Re: cakes named after northern towns - let's not forget that on the other side of the Pennines things are very different: Pontefract Cakes, hailing as they do from the Yorkshire town of that same name - contain no currants at all. In fact, they are not even really cakes - they are liquorice sweeties, usaully with a picture of Pontefract castle embossed on them. Well, eee by gum! I know, I know, it's amazing, isn't it?

Rob Ainsley said...

Arran's fab! I was there a few years ago with Matt - some lovely long downhills over the spine of the island with good long vis and straightish smoothish roads. That was the famed two-week island-hopping holiday which was scuppered on Day 2, when we found the second island on our hop - Islay - was hosting a two-week whisky festival...

You'll have a great time! Be sure to visit the distillery on Arran, and see if that pump I must have left in the car park is still there. It's a black Zefal.

paul.wedgwood said...

Arran certainly is fab - although being the pedant I am I do have to point out that "lovely long downhills" will be equally 'painfully long uphills' (in the rain, no doubt) when I am riding back on my own to catch the ferry from Brodick to head home to Edinburgh (the fab 4 will leave from Lochranza at the north of the island, to battle on to Lochgilphead).
Still, it's got to be easier than doing 115 miles across Cornwall, so I really mustn't grumble...
I'll see if I can find that pump, but no promises. And on a point of principle I shall do my best to take a healthy supply of Eccles Cakes and Pontefract Cakes for the team to consume [sorry Sue, not sure you can get Chorley Cakes in Scotland - but I can ask at Greggs the bakers, I suppose.]

paul.wedgwood said...

I feel I should add 3 days on, just for the record, that I didn't find Rob's lost pump on Arran - sorry, but it's not really terribly surprising, is it?

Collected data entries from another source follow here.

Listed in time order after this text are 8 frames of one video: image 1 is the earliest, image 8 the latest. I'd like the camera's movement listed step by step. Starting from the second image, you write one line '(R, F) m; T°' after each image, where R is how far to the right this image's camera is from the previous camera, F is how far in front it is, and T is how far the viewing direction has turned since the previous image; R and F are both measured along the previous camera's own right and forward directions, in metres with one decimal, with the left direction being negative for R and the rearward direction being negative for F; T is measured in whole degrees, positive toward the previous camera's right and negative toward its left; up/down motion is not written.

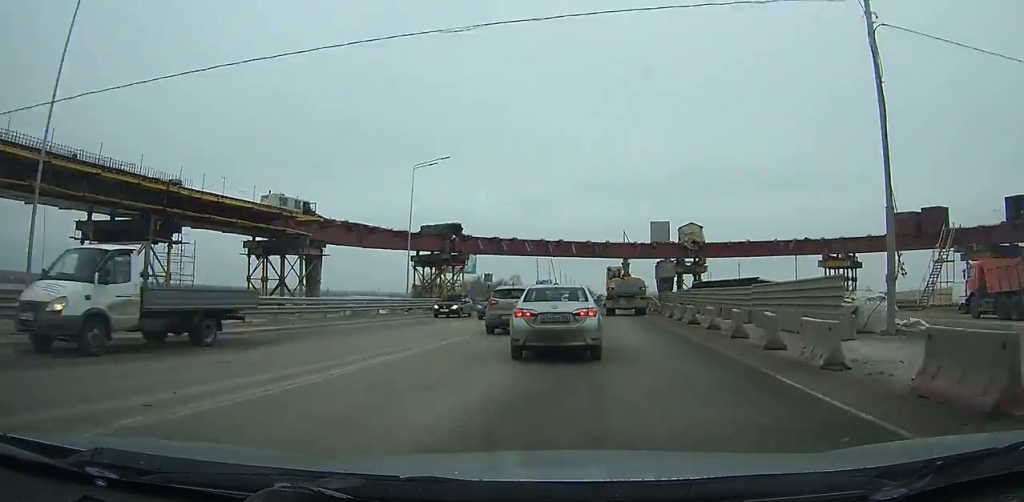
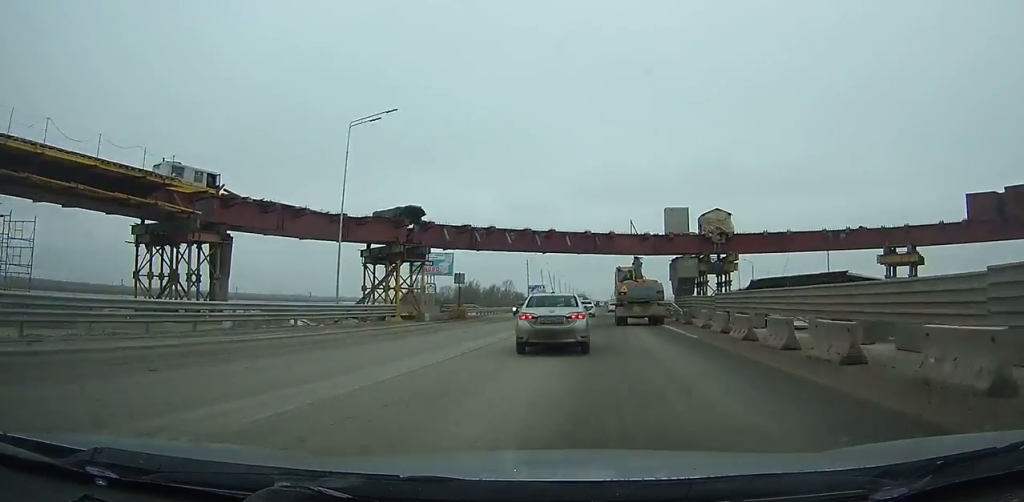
(0.0, +18.2) m; +1°
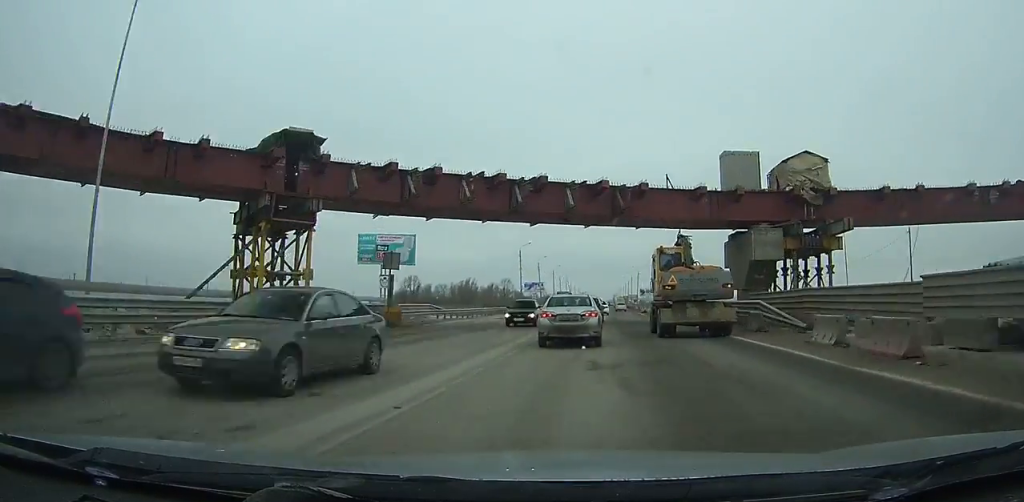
(+0.3, +23.8) m; +1°
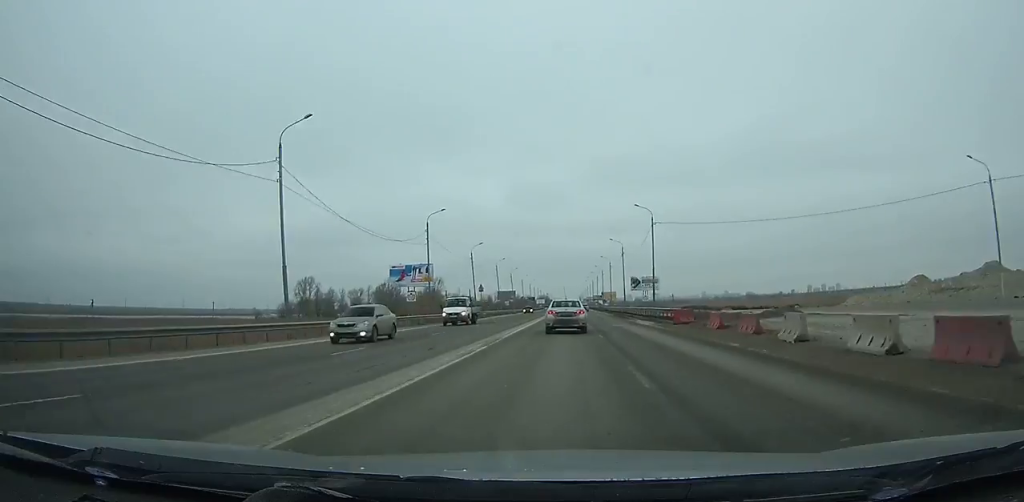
(+1.9, +103.9) m; +1°
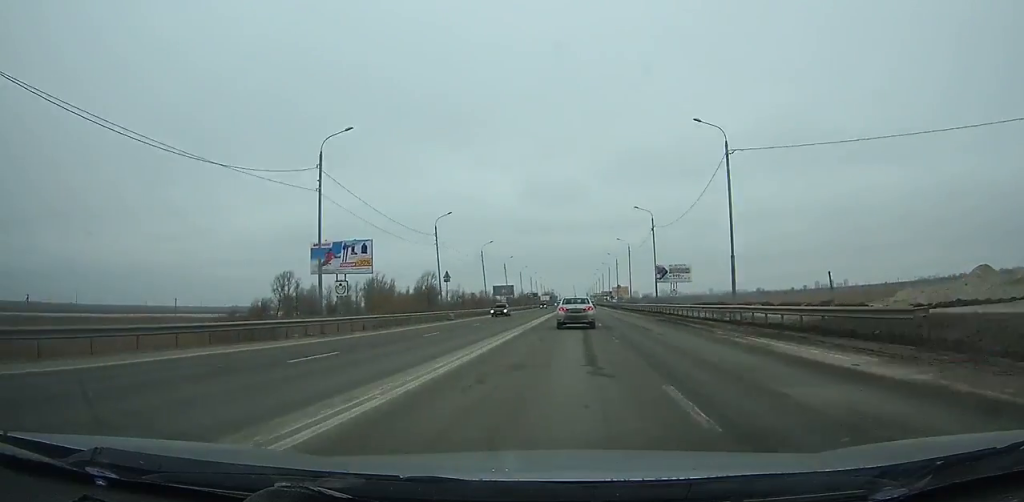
(-0.4, +28.7) m; 0°
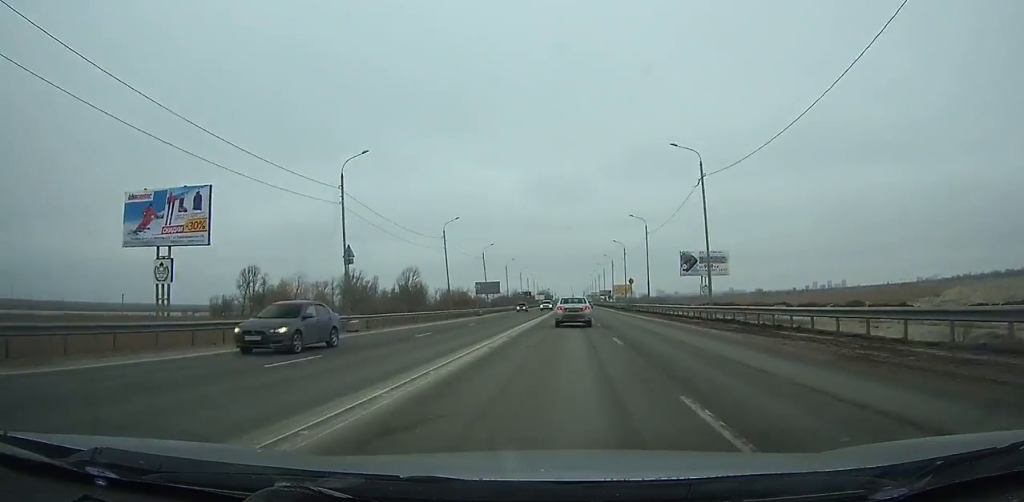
(-0.1, +26.2) m; 0°
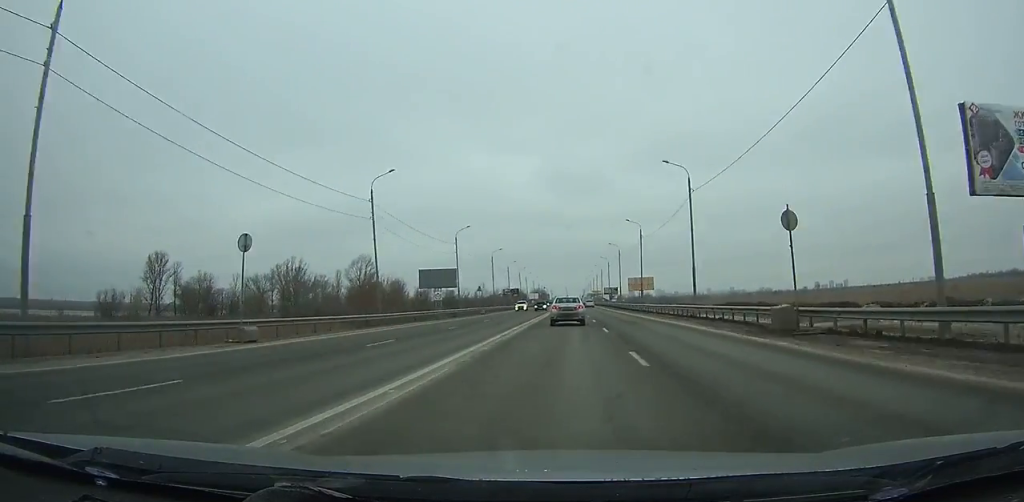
(+0.1, +56.1) m; 0°
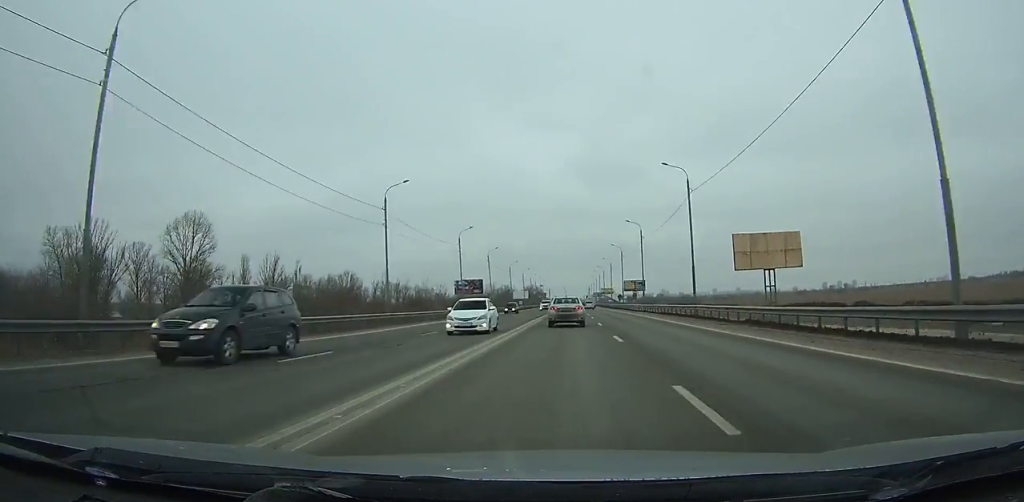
(0.0, +92.5) m; 0°

I did take Eccles Cakes and a bag of Pontefract Cakes with me - and the former were duly consumed with some gusto on the ferry to Arran. The latter were received somewhat less enthusiastically and I've ended up bringing them back home with me (having carried them in my backpack across Arran and back again - along with far too many bananas plus various other comestibles that were not required! The story of my life.).

Mark was very pleased to receive the Jelly Babies and Liquorice Allsorts which I took, though, so all was not lost.

And I failed to find Chorley cakes, so if anyone can get some to the team at some point between Fort William and Kirkwall then more power to their elbow, I say. A 'next day delivery' courier might just about make it if you commission them (and a local baker), Sue! (frankly, I wouldn't bother though - especially as the Eccles Cakes proudly proclaimed on their packaging that they were 'Real LANCASHIRE Eccles Cakes' - even though closer inspection revealed that they were, in truth, made in Greater Manchester - based on local govenrment reorganisations of the 1960s/70s, anyway. Pah! You can never trust anyone who works in marketing).